VIS-NIR DIFFUSE REFLECTANCE MICRO-SPECTROSCOPIC ANALYSIS OF IDPs

Introduction: Meteorites seem to come from a small number of primary parent bodies [1]. B-, C-, Cb-, Cg-, P- and D-types, representing not less than 66% of the mass of the main belt have no analogues clearly identified in the meteorite collections [2]. However, meteorites are not the only cosmomaterials found on Earth since no less than 30 000 tons of interplanetary dust particles (IDPs) enter the Earth’s atmosphere each year [3]. IDPs originate from different parent bodies throughout the solar system [4, 5, 6]. The link between IDPs and asteroids can be investigated thanks to Vis-NIR spectroscopy commonly used for the classification of asteroids (0.4 - 2.5 µm). The reflectance measurements in the visible range (0.4 - 0.8 μm) performed on IDPs in the 90s [7] and the simulated visible near infrared (Vis-NIR) spectra of IDPs with comparison of mid infrared (Mid-IR) spectra [2] have shown that IDPs may be good analogues to some asteroids and in particular to the classes not sampled by meteorites. But Vis-NIR reflectance measurements of IDPs is challenging and we must understand how the measurement on an isolated micro-metric particle can be affected by physical parameters of the sample such as size, composition, and roughness.

We report here the requirements, the abilities as well as the limitations of the technique and the results obtained on 15 IDPs particles ranging 7-31 µm in size in the Vis-NIR range (0.45 - 1.0 µm).

Experiments: Our setup, installed in a clean room, consists of a Vis-NIR spectrometer (Maya2000 Pro from Ocean Optics) coupled to a macroscope (Leica Z16 APO). A Vis-NIR optical fiber (100 or 50 μm in diameter) is used to collect the light diffused by the sample which is unilaterally illuminated by a halogen source through a 1000 μm diameter fiber (phase angle of ~ 45°).
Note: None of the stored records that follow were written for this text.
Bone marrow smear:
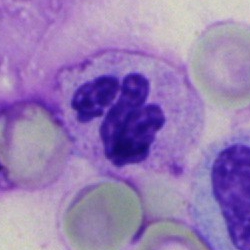
Cell — polymorphonuclear neutrophil.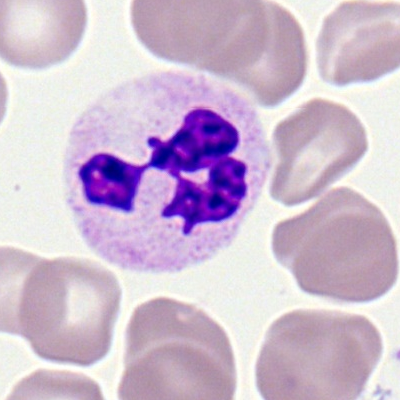 Morphological class — polymorphonuclear neutrophil.
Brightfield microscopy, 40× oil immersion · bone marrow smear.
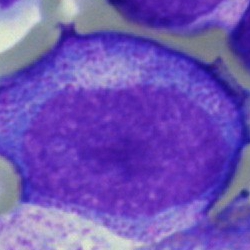Q: What is shown here?
A: A progranulocyte.
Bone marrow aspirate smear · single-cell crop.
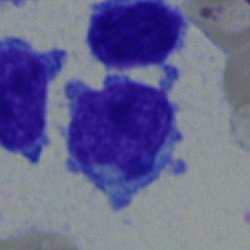Cell: typical lymphocyte.
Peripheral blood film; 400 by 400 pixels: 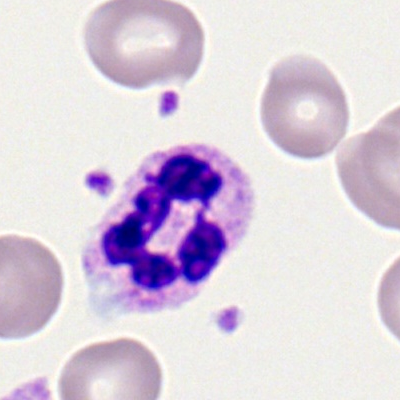
The cell type is neutrophil (segmented).
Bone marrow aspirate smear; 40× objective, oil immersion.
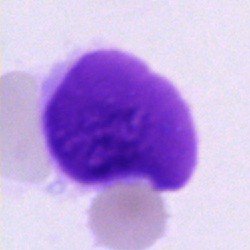
Q: What is shown here?
A: It is an artifact.
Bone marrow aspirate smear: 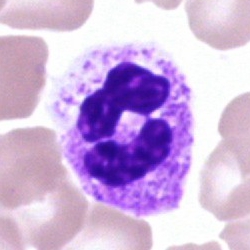

Cell type = segmented neutrophil.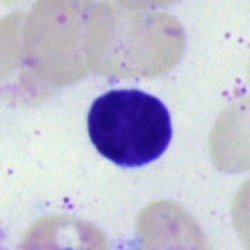
{"cell_type": "typical lymphocyte", "lineage": "lymphoid"}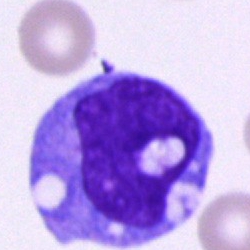 Q: What type of cell is this?
A: This is a monocyte.
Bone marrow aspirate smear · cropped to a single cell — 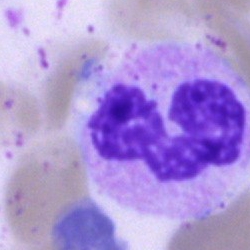

Cell type: segmented neutrophil.
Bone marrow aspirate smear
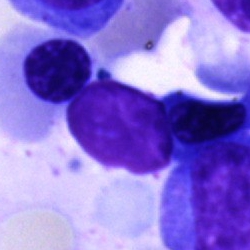 Morphology — cell of indeterminate lineage.
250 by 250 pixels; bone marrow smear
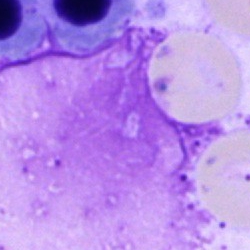Impression → artefact.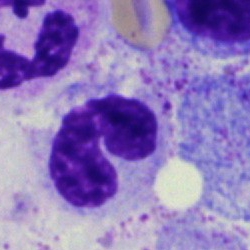
Band-form neutrophil.
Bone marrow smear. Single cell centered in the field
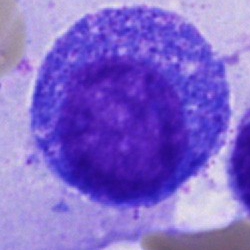
Impression → promyelocyte.
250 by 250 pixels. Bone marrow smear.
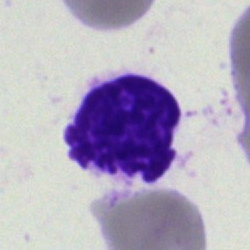 The cell shown is an artefact.
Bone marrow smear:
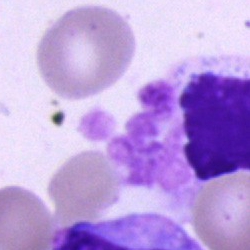This is an unidentifiable cell.
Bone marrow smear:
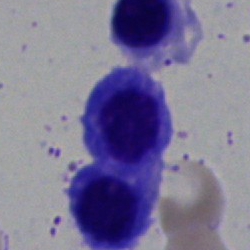

Morphology consistent with a normoblast.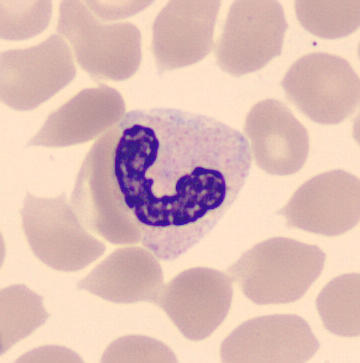 Peripheral blood smear.

Cell — band neutrophil.
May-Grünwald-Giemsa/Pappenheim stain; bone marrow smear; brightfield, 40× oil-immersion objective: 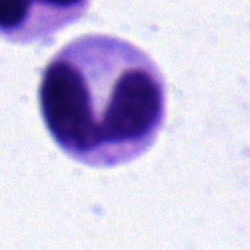

Specimen: bone marrow aspirate smear.
Cell: band-form neutrophil.
Lineage: myeloid.
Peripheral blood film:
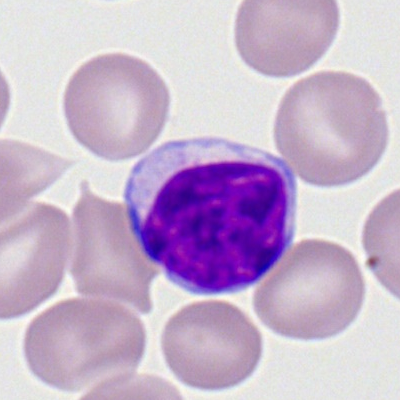
Q: What cell is this?
A: A lymphocyte.

By changing the magnification and/or the diameter of the collection fiber it is possible to adapt the collection spot to the grain size down to 7 μm size.

Results and discussion: To obtain a reliable reflectance spectrum of a micro-metric grain with this setup, we show that it is necessary to average spectra taken at different azimuth angles, by rotating the particle several times in the observation plane with respect to the incident light.

Based on the study of spectral slopes we found that for particles with sizes below ~ 17 µm the spectral slope increases linearly with decreasing particle sizes. This behavior is due to a bias encountered in the reflectance measurement in this size range, inducing thus a loss of the chemical information. For particle sizes larger than ∼ 17 µm the spectral slopes seem randomly distributed between ∼ -0.3 and 0.4 µm⁻¹, and the spectra must therefore carry chemical information of the particles.

We found that the visible reflectance levels of the IDPs show a multimodal distribution. There is a lack of IDPs with reflectance level ~ 5 and ~ 8%. In addition, the majority of IDPs have rather low reflectance levels (< 10%). Some particles have reflectance levels that may be influenced by the presence of magnetite, which is sometimes found in extraterrestrial materials and could form upon atmospheric entry.

Among the studied particles we identified an IDP (L2079C18) exhibiting a feature at 0.66 µm which is similar to the one observed by remote sensing at the surface of hydrated asteroids. This is the first detection of a hydration band in the reflectance spectrum of an IDP which could indicate a possible link between hydrated IDPs with hydrated asteroid surfaces.

Acknowledgments: We are grateful to the CAPTEM NASA for providing the IDPs. This work is supported by the Programme National de Planétologie (PNP) of CNRS/INSU, co-funded by CNES. The authors also thank the ANR RAHIIA SSOM and the P2IO LabEx (ANR-10-LABX0038) in the framework Investissements d’Avenir (ANR11-IDEX-0003-01) for their supports. We thank O. Mivumbi and Y. Longval for their help and technical support for the development of the device.

 

References: [1] R. Greenwood et al. (2020) Geochimica et Cosmochimica Acta 277, 377-406. [2] P. Vernazza et al. (2015) The Astrophysical Journal 806 :204. [3] Love and Brownlee. (1993) Science, 262, 550-553. [4] Dermott et al. (1994) Nature, 369, 719-723. [5] Liou et al. (1996) Icarus, 124, 429-440. [6] Brunetto et al. (2011) Icarus, 212, 896-910. [6] Bradley, J. P. (2003) Treatise on Geochemistry, 1, 689. [7] Bradley, et al. (1996) Meteoritics & Planetary Science, 31, 394-402.